I lost both of my own pets in the same season of life. I was already asking what I could have done differently, especially when I thought I had done everything right.
Then I built a pet services company with a mission to elevate the care. The patterns started emerging fast. Over half the dogs in our care were on behavioral medications. Another sixty percent were on allergy medications like Apoquel. Multiple were on seizure protocols potentially tied to flea and tick products.
The patterns were not random. They tracked. And I was paying attention.
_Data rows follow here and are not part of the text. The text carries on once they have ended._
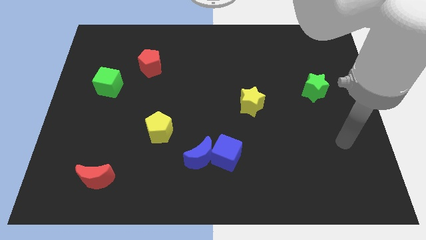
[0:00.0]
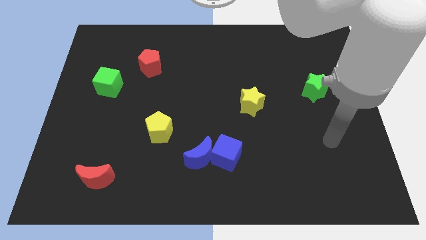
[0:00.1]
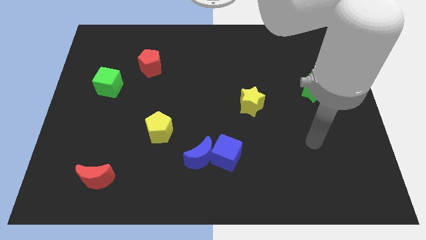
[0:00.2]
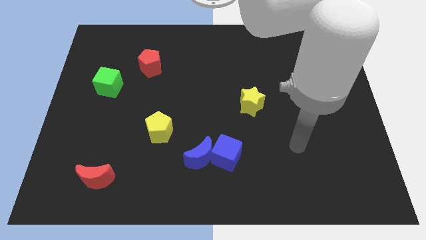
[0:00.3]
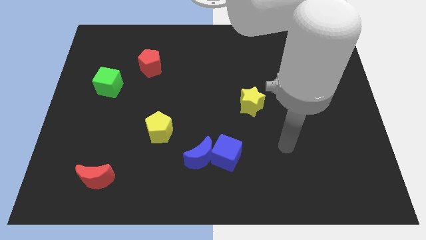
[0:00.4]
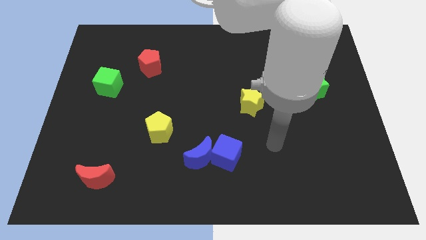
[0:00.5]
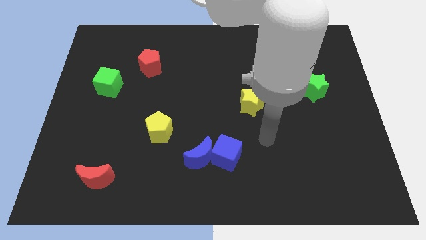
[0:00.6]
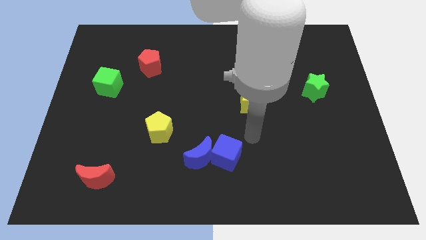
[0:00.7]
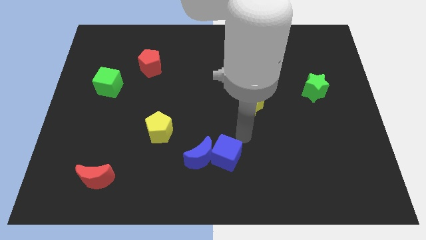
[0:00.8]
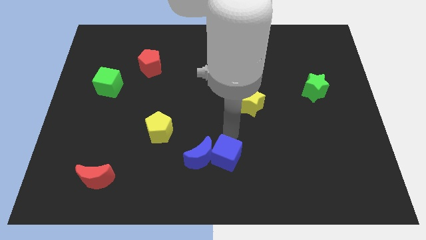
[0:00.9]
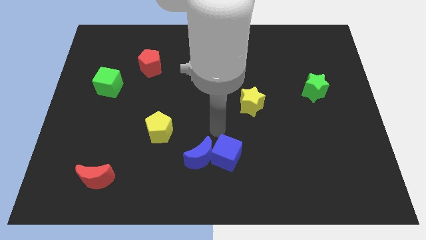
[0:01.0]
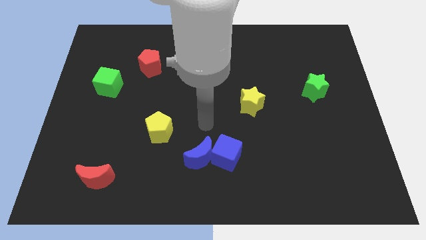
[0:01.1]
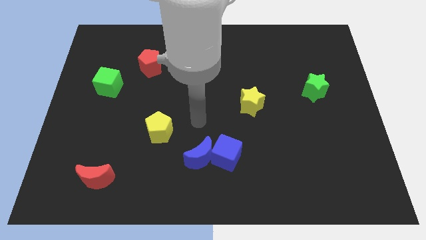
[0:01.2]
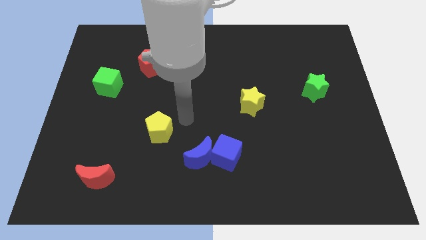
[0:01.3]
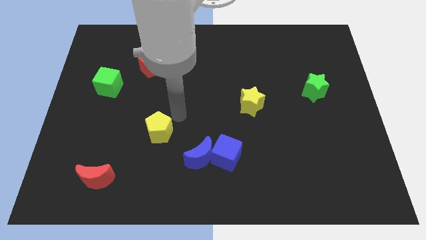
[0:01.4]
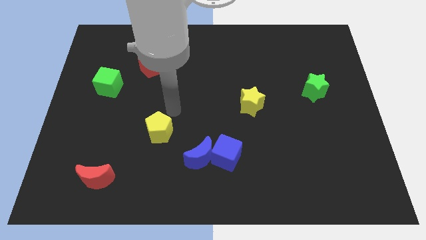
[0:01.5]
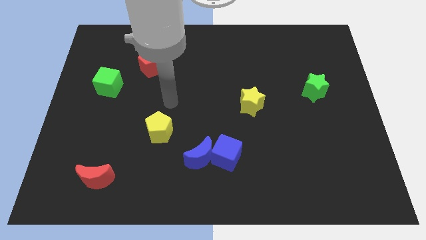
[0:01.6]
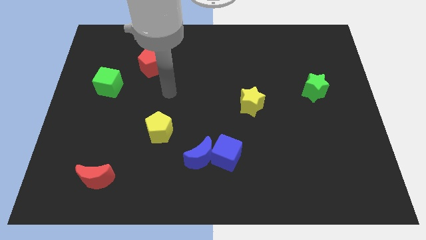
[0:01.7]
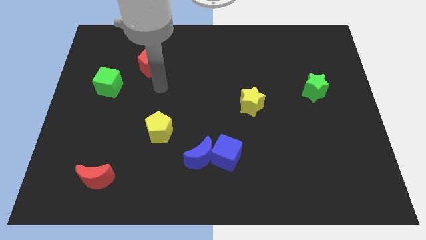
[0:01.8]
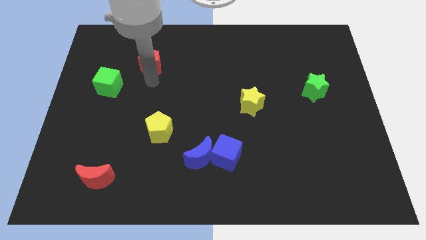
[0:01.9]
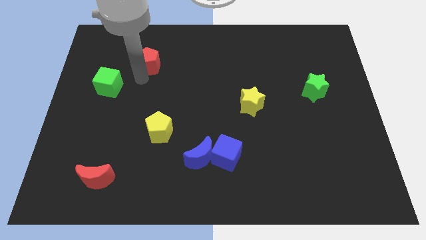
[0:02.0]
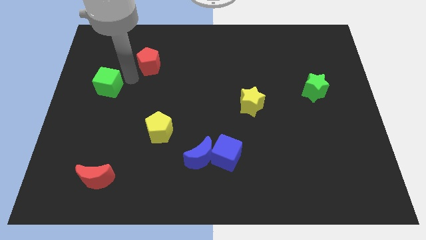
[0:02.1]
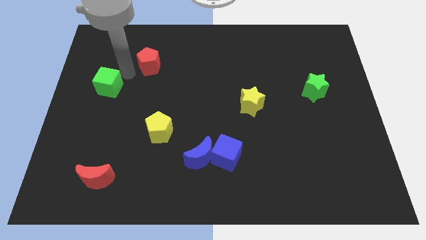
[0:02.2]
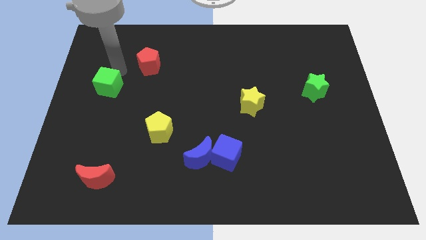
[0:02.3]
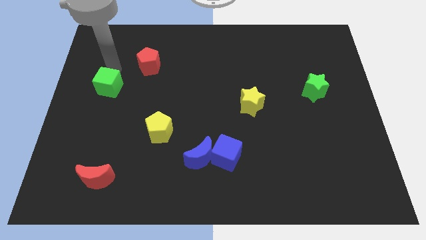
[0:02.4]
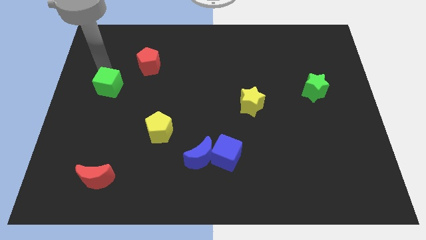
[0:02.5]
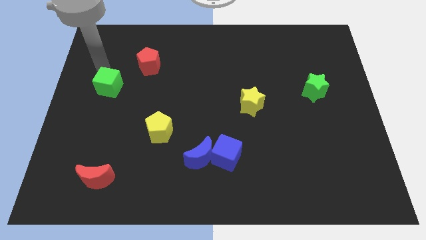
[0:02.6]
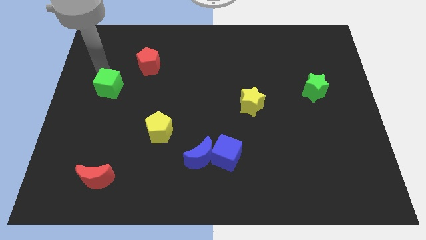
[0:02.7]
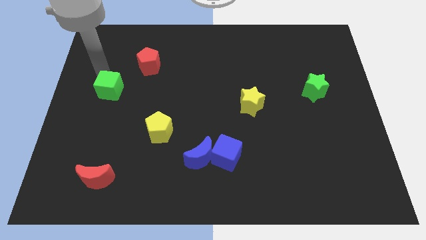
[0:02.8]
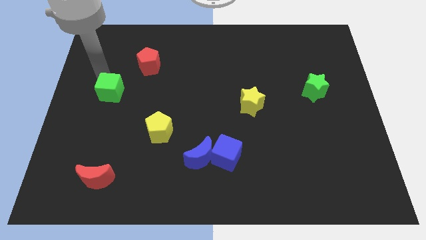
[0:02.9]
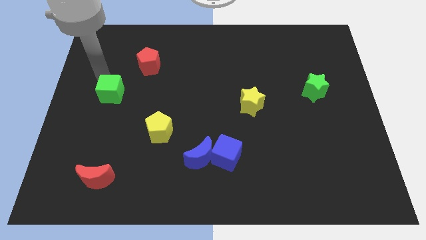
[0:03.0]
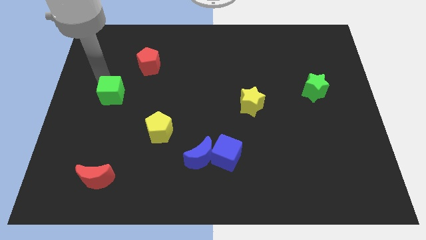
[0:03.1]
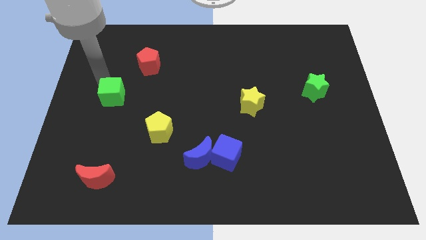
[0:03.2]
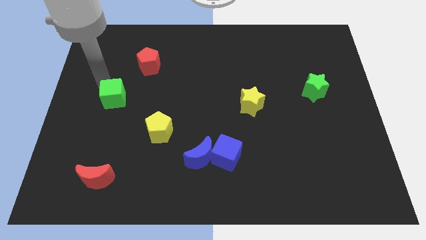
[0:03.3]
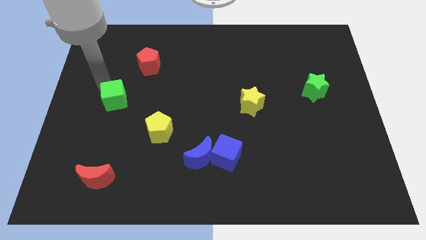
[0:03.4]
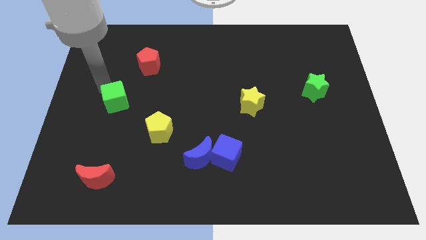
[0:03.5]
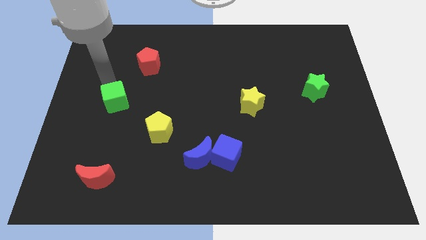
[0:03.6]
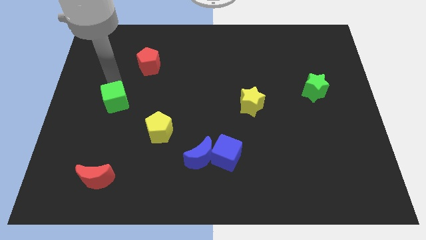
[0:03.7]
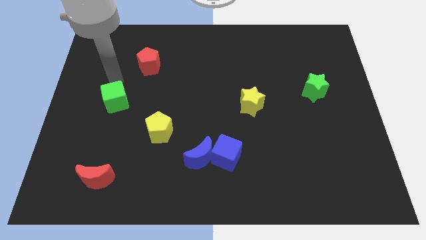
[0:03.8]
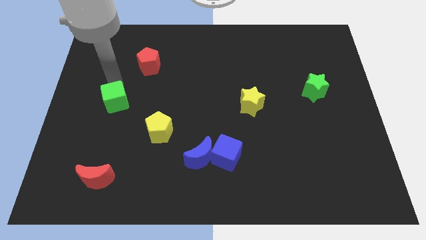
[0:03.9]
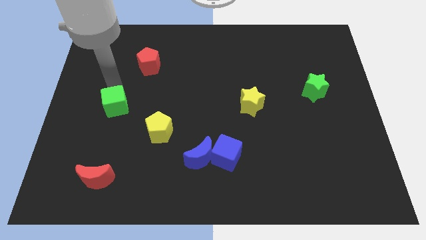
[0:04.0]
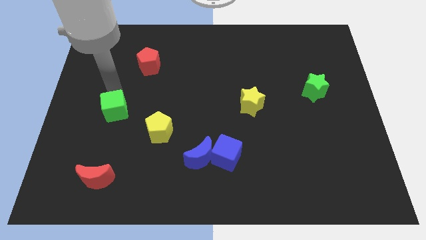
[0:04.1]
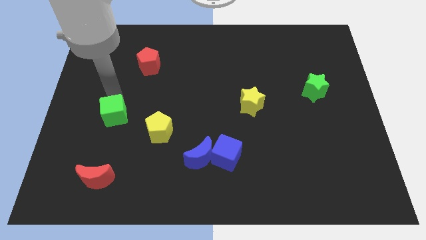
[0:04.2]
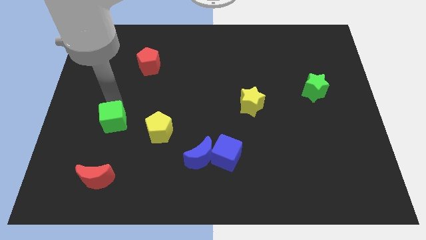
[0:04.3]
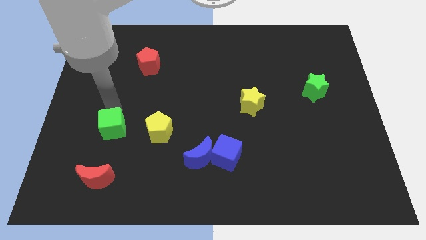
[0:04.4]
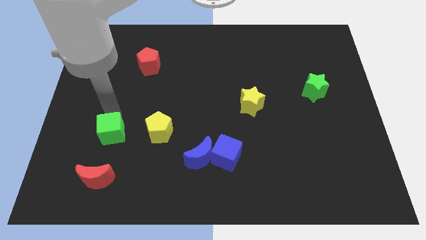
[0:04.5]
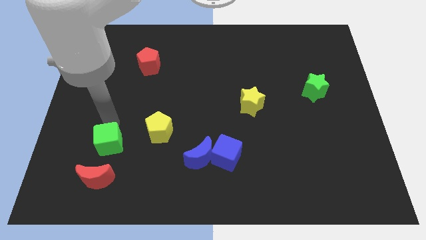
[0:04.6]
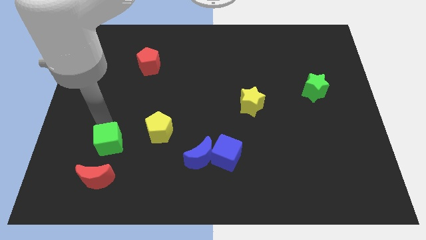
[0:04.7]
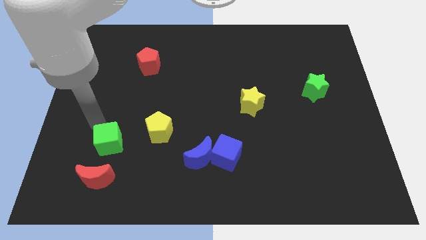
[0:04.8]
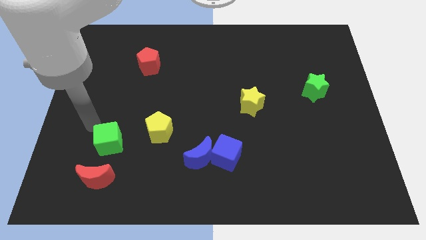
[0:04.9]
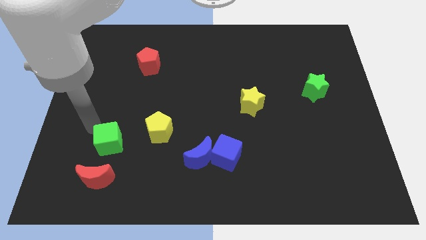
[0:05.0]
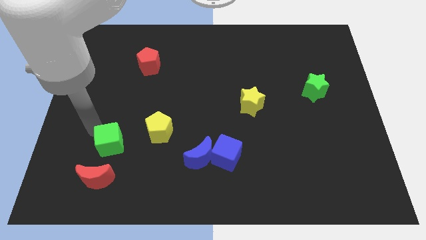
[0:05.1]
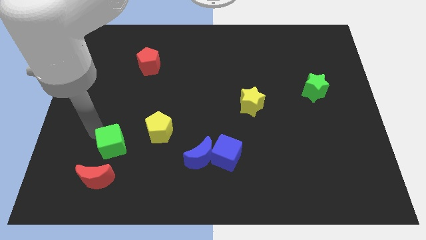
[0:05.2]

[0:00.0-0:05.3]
move the green cube diagonally up and to the right of the red moon

So let me tell you what is actually in the bowl.
Where The Meat Actually Comes From
Dr. Laurie Coger is an integrative veterinarian who, before clinical practice, worked on dairy farms and trained at a veterinary college. She has personally witnessed the supply chain that feeds the conventional pet food industry. In a recent piece by pet food consumer advocate Susan Thixton, she described what she saw:
“Human quality ingredients is my first rule of feeding my own dogs, and by extension, my clients’ dogs. Simply put, what is not human quality can include the dairy cow that died and was picked up by the renderer or dead animal hauler from the pasture in July, two days after dying, as happened on the dairy farm I worked at. Or the animals that died or were euthanized at the veterinary college I attended, after their post mortem examinations (necropsies). Those included horses, cows, sheep, and yes, sometimes dogs and cats. All contained drugs of various types, including pentobarbital in some cases. None of the animals picked up by the services were transported in closed or refrigerated trucks, so consider the insects and maggots that they carried as they were transported and awaited processing. These are practices I personally witnessed.”
— Dr. Laurie Coger, DVM
That is the supply chain. That is what becomes “chicken meal” or “beef meal” or “by-product meal” on the label of the bag sitting in your kitchen.
This is the conversation almost nobody is having. Let’s go there.
Six Survivors Out Of Eight
When a pet food bag says “complete and balanced,” that phrase is not a marketing flourish. It is a regulatory designation, governed by the Association of American Feed Control Officials, or AAFCO. AAFCO is the body that establishes the nutritional minimum requirements every commercial pet food in the United States is formulated to meet.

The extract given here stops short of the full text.